- **Task**:
Could you repeat the records below exactly, without the pictures?

- **Records provided**:
>>>>
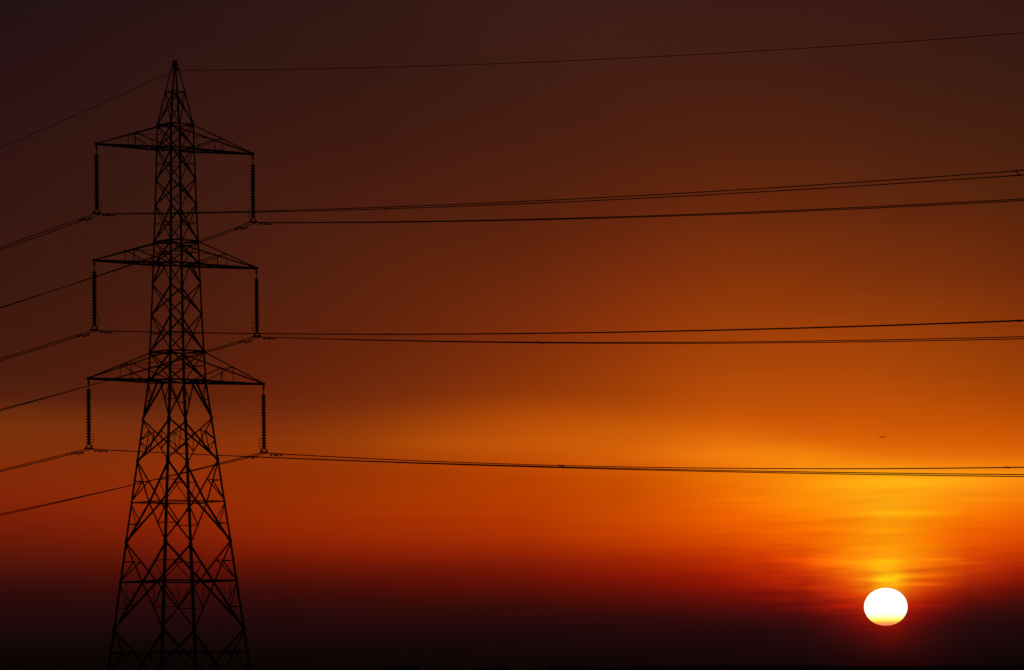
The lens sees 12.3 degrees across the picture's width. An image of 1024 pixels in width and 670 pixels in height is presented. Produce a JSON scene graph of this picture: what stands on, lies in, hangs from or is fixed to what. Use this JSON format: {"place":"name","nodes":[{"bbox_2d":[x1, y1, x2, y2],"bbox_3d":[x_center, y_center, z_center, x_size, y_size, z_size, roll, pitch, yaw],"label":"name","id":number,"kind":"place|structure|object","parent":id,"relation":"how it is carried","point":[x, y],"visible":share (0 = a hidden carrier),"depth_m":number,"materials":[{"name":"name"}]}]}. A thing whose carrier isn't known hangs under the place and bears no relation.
{"place":"outdoors","nodes":[
{"label":"outdoors","id":0,"kind":"place"},
{"bbox_2d":[0,0,1023,669],"label":"sky","id":1,"kind":"structure","parent":0,"point":[340,565],"materials":[{"name":"orange"}]},
{"bbox_2d":[544,664,1023,669],"bbox_3d":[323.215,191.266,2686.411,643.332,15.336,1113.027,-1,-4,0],"label":"hills","id":2,"kind":"structure","parent":0,"point":[825,667],"depth_m":2523.51,"materials":[{"name":"black"}]},
{"bbox_2d":[864,588,907,625],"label":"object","id":3,"kind":"object","parent":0,"point":[885,606],"visible":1,"depth_m":29767.34,"materials":[{"name":"white"}]},
{"bbox_3d":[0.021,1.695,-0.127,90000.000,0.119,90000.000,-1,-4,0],"label":"ground","id":4,"kind":"structure","parent":0,"visible":0},
{"bbox_2d":[87,60,264,669],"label":"transmission pylon","id":5,"kind":"object","parent":4,"relation":"on","point":[169,380],"visible":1,"depth_m":299.81,"materials":[{"name":"metal"}]},
{"bbox_2d":[84,383,93,449],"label":"insulator string","id":6,"kind":"object","parent":5,"relation":"hanging from","point":[88,410],"visible":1,"depth_m":295.90,"materials":[{"name":"ceramic"}]},
{"bbox_2d":[0,449,1023,476],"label":"twin power line","id":7,"kind":"object","parent":6,"relation":"hanging from","point":[76,452],"visible":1,"depth_m":252.06,"materials":[{"name":"black metal"}]},
{"bbox_2d":[89,264,99,330],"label":"insulator string","id":8,"kind":"object","parent":5,"relation":"hanging from","point":[94,301],"visible":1,"depth_m":296.71,"materials":[{"name":"ceramic"}]},
{"bbox_2d":[0,319,1023,360],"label":"twin power line","id":9,"kind":"object","parent":8,"relation":"hanging from","point":[79,335],"visible":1,"depth_m":256.31,"materials":[{"name":"black metal"}]},
{"bbox_2d":[92,148,101,214],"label":"insulator string","id":10,"kind":"object","parent":5,"relation":"hanging from","point":[96,170],"visible":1,"depth_m":297.40,"materials":[{"name":"ceramic"}]},
{"bbox_2d":[0,170,1023,249],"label":"twin power line","id":11,"kind":"object","parent":10,"relation":"hanging from","point":[110,214],"visible":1,"depth_m":258.04,"materials":[{"name":"black metal"}]},
{"bbox_2d":[248,158,256,222],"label":"insulator string","id":12,"kind":"object","parent":5,"relation":"hanging from","point":[252,168],"visible":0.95,"depth_m":304.03,"materials":[{"name":"ceramic"}]},
{"bbox_2d":[0,198,1023,308],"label":"twin power line","id":13,"kind":"object","parent":12,"relation":"hanging from","point":[246,227],"visible":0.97,"depth_m":274.41,"materials":[{"name":"black metal"}]},
{"bbox_2d":[252,273,261,337],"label":"insulator string","id":14,"kind":"object","parent":5,"relation":"hanging from","point":[256,291],"visible":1,"depth_m":303.61,"materials":[{"name":"ceramic"}]},
{"bbox_2d":[0,336,1023,410],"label":"twin power line","id":15,"kind":"object","parent":14,"relation":"hanging from","point":[268,338],"visible":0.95,"depth_m":272.83,"materials":[{"name":"black metal"}]},
{"bbox_2d":[259,389,268,452],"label":"insulator string","id":16,"kind":"object","parent":5,"relation":"hanging from","point":[263,404],"visible":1,"depth_m":303.32,"materials":[{"name":"ceramic"}]},
{"bbox_2d":[0,453,1023,515],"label":"twin power line","id":17,"kind":"object","parent":16,"relation":"hanging from","point":[276,454],"visible":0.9,"depth_m":284.87,"materials":[{"name":"black metal"}]},
{"bbox_2d":[1,32,1023,147],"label":"earth wire","id":18,"kind":"object","parent":5,"relation":"attached to","point":[531,62],"visible":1,"depth_m":268.03,"materials":[{"name":"black metal"}]}
]}
<<<<
- **Your response**:
The lens sees 12.3 degrees across the picture's width. An image of 1024 pixels in width and 670 pixels in height is presented. Produce a JSON scene graph of this picture: what stands on, lies in, hangs from or is fixed to what. Use this JSON format: {"place":"name","nodes":[{"bbox_2d":[x1, y1, x2, y2],"bbox_3d":[x_center, y_center, z_center, x_size, y_size, z_size, roll, pitch, yaw],"label":"name","id":number,"kind":"place|structure|object","parent":id,"relation":"how it is carried","point":[x, y],"visible":share (0 = a hidden carrier),"depth_m":number,"materials":[{"name":"name"}]}]}. A thing whose carrier isn't known hangs under the place and bears no relation.
{"place":"outdoors","nodes":[
{"label":"outdoors","id":0,"kind":"place"},
{"bbox_2d":[0,0,1023,669],"label":"sky","id":1,"kind":"structure","parent":0,"point":[340,565],"materials":[{"name":"orange"}]},
{"bbox_2d":[544,664,1023,669],"bbox_3d":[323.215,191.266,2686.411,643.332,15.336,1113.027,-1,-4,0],"label":"hills","id":2,"kind":"structure","parent":0,"point":[825,667],"depth_m":2523.51,"materials":[{"name":"black"}]},
{"bbox_2d":[864,588,907,625],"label":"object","id":3,"kind":"object","parent":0,"point":[885,606],"visible":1,"depth_m":29767.34,"materials":[{"name":"white"}]},
{"bbox_3d":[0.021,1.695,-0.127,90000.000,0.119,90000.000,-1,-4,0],"label":"ground","id":4,"kind":"structure","parent":0,"visible":0},
{"bbox_2d":[87,60,264,669],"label":"transmission pylon","id":5,"kind":"object","parent":4,"relation":"on","point":[169,380],"visible":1,"depth_m":299.81,"materials":[{"name":"metal"}]},
{"bbox_2d":[84,383,93,449],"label":"insulator string","id":6,"kind":"object","parent":5,"relation":"hanging from","point":[88,410],"visible":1,"depth_m":295.90,"materials":[{"name":"ceramic"}]},
{"bbox_2d":[0,449,1023,476],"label":"twin power line","id":7,"kind":"object","parent":6,"relation":"hanging from","point":[76,452],"visible":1,"depth_m":252.06,"materials":[{"name":"black metal"}]},
{"bbox_2d":[89,264,99,330],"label":"insulator string","id":8,"kind":"object","parent":5,"relation":"hanging from","point":[94,301],"visible":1,"depth_m":296.71,"materials":[{"name":"ceramic"}]},
{"bbox_2d":[0,319,1023,360],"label":"twin power line","id":9,"kind":"object","parent":8,"relation":"hanging from","point":[79,335],"visible":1,"depth_m":256.31,"materials":[{"name":"black metal"}]},
{"bbox_2d":[92,148,101,214],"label":"insulator string","id":10,"kind":"object","parent":5,"relation":"hanging from","point":[96,170],"visible":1,"depth_m":297.40,"materials":[{"name":"ceramic"}]},
{"bbox_2d":[0,170,1023,249],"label":"twin power line","id":11,"kind":"object","parent":10,"relation":"hanging from","point":[110,214],"visible":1,"depth_m":258.04,"materials":[{"name":"black metal"}]},
{"bbox_2d":[248,158,256,222],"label":"insulator string","id":12,"kind":"object","parent":5,"relation":"hanging from","point":[252,168],"visible":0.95,"depth_m":304.03,"materials":[{"name":"ceramic"}]},
{"bbox_2d":[0,198,1023,308],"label":"twin power line","id":13,"kind":"object","parent":12,"relation":"hanging from","point":[246,227],"visible":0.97,"depth_m":274.41,"materials":[{"name":"black metal"}]},
{"bbox_2d":[252,273,261,337],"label":"insulator string","id":14,"kind":"object","parent":5,"relation":"hanging from","point":[256,291],"visible":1,"depth_m":303.61,"materials":[{"name":"ceramic"}]},
{"bbox_2d":[0,336,1023,410],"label":"twin power line","id":15,"kind":"object","parent":14,"relation":"hanging from","point":[268,338],"visible":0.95,"depth_m":272.83,"materials":[{"name":"black metal"}]},
{"bbox_2d":[259,389,268,452],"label":"insulator string","id":16,"kind":"object","parent":5,"relation":"hanging from","point":[263,404],"visible":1,"depth_m":303.32,"materials":[{"name":"ceramic"}]},
{"bbox_2d":[0,453,1023,515],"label":"twin power line","id":17,"kind":"object","parent":16,"relation":"hanging from","point":[276,454],"visible":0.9,"depth_m":284.87,"materials":[{"name":"black metal"}]},
{"bbox_2d":[1,32,1023,147],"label":"earth wire","id":18,"kind":"object","parent":5,"relation":"attached to","point":[531,62],"visible":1,"depth_m":268.03,"materials":[{"name":"black metal"}]}
]}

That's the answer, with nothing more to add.